Maybe the individual ratio will make a difference in eventually pressuring corporate boards. But nothing has caused them anything resembling shame or restraint so far. You can wax poetic about how leaders of complex companies deserve to be paid handsomely for the value they create (though I believe they get it whether their company makes money or not). But more realistically, corporate boards appear to think that, like the children of Lake Wobegon, every chief executive is above average, and if your CEO isn’t making enough money it reflects poorly on the company. The role of workers doesn’t play into that equation. Making “say on pay” binding would have shifted power from boards to investors, but we don’t have that.

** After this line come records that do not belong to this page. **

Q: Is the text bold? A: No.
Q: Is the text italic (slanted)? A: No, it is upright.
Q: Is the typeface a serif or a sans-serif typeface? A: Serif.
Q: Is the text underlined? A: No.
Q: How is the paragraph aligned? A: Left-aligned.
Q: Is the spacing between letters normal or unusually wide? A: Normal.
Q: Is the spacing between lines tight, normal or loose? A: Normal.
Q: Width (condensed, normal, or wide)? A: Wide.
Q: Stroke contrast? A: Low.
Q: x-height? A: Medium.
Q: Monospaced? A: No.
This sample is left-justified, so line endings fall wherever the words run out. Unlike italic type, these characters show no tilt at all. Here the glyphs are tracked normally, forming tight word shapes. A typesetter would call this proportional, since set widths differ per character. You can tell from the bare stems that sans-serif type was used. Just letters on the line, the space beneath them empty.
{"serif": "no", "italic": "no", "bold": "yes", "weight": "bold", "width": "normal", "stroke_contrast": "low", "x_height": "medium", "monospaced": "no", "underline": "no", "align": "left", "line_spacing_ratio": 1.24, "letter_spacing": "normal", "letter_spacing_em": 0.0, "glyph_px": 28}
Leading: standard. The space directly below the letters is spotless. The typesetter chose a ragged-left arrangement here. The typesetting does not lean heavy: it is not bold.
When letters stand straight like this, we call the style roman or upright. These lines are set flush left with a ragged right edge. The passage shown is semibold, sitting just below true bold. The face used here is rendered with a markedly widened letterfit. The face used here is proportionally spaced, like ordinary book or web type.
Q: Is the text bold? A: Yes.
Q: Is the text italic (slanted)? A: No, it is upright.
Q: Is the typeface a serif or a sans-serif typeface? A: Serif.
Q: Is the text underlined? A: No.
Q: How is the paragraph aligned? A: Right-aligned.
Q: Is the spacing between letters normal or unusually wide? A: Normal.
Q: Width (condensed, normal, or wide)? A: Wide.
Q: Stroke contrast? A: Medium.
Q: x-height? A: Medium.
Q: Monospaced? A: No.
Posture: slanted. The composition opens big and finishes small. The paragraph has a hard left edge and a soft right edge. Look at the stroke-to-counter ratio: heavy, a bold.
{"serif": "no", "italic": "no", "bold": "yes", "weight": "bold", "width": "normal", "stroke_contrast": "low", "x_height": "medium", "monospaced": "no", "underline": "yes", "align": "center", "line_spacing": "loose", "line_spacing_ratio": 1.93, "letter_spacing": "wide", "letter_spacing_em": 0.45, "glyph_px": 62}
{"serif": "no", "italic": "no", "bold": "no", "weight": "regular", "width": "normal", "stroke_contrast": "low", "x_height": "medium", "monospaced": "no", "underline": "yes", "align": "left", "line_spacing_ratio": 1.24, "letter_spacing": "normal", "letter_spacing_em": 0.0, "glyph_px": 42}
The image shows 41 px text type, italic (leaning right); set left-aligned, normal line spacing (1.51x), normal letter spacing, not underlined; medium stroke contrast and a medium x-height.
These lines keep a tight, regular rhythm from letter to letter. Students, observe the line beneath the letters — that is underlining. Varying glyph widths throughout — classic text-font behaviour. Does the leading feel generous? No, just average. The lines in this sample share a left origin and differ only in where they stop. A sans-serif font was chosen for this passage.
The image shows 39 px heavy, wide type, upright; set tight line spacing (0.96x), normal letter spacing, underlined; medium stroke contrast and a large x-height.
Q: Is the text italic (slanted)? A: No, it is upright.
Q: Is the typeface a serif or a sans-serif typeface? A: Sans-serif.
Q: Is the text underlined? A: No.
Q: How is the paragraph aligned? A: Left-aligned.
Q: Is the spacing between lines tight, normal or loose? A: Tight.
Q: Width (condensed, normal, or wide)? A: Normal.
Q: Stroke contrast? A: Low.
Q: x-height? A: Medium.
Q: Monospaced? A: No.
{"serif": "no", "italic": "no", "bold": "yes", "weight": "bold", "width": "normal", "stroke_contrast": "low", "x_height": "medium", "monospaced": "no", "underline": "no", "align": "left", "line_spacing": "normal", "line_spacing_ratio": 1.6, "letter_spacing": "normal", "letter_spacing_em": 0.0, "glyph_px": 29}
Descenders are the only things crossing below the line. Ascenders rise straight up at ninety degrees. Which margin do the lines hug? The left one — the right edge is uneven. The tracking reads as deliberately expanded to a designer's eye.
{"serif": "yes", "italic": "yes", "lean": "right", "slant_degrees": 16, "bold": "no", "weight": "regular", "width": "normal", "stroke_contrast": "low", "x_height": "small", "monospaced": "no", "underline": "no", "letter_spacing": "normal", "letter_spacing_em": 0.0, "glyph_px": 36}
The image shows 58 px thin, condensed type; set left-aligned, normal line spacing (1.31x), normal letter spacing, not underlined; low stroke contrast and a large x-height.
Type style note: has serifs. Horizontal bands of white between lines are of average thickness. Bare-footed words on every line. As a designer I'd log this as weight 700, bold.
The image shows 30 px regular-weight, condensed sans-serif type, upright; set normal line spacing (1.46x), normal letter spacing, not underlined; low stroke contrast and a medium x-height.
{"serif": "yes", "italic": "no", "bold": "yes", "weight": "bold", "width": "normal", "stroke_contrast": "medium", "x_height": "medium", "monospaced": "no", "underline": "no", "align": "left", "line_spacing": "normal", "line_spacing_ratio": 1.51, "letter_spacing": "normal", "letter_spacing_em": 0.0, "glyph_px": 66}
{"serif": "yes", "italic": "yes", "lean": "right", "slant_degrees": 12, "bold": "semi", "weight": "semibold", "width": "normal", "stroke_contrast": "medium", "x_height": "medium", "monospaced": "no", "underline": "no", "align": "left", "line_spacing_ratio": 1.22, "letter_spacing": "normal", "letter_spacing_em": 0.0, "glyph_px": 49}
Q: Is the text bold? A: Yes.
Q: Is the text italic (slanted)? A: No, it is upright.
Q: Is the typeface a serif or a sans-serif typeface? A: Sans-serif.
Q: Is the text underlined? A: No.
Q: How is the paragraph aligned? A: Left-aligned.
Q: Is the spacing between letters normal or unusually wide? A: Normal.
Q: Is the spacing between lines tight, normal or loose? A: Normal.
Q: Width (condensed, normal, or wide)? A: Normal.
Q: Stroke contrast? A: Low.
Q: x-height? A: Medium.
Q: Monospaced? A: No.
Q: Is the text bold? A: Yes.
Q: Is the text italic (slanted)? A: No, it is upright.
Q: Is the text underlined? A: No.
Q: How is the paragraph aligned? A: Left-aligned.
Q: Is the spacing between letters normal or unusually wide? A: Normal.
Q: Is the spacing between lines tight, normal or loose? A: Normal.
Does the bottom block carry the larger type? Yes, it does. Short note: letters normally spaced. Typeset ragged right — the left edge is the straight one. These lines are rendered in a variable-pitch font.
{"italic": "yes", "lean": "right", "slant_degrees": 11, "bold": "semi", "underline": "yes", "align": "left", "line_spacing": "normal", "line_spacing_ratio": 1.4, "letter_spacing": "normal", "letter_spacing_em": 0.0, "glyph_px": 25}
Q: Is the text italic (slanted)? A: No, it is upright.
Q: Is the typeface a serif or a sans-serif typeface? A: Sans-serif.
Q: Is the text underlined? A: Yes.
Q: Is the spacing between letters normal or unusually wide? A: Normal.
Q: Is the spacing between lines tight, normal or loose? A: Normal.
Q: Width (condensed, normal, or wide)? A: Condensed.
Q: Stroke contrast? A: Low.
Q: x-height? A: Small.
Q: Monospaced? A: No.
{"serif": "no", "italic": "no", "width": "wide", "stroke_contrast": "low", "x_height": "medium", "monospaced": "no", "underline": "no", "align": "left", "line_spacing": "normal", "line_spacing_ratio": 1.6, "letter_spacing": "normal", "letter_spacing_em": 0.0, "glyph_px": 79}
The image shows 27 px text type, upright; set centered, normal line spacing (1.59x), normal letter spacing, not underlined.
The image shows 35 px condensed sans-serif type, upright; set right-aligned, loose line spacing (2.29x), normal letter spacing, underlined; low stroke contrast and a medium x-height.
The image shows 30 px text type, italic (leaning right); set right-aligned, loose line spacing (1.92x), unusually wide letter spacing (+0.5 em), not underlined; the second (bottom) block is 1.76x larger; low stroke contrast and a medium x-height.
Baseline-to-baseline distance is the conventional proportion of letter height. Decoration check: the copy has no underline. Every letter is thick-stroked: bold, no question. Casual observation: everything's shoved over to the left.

Related: Your Tax Dollars Pay for Walmart Execs’ Bonuses

Meanwhile, on the same day the SEC passed the CEO/worker pay rule, it also inaugurated another rule requiring derivatives dealers and market participants to register with the agency, and it was so watered down as to be completely meaningless. Security-based swap dealers get conditional acceptance for registration just by filling out the application, and they can start trading immediately. In a separate proposal, entities that have been disqualified from participating in derivative markets because of statutory restrictions arising from fraud convictions or other penalties can continue to trade pending an SEC waiver. And if another agency grants a waiver, the SEC would have to automatically accept it.

As Better Markets President and CEO Dennis Kelleher said in a statement, “The SEC is supposed to be the gold standard for investor and market protections, but today’s actions again call that into question.” You would hope that at least as much scrutiny would be paid to the mack truck driven through the derivatives rules as the feel-good CEO/worker pay rule. But there was barely a peep.

I recognize that runaway CEO compensation represents one of the fundamental shifts in the economy, as represented in that chart showing productivity gains not accruing to the median worker. But I don’t see how I’ll be any more enlightened about that trend in 2018 when self-interested companies report these pay ratios. Nor do I believe that disclosure and transparency is a sufficient condition to deal with such inequity. If you believe CEO compensation is out of whack, we have a perfectly good method through the tax code to deal with that. Getting a pay ratio to stick on a protest sign seems to me less useful.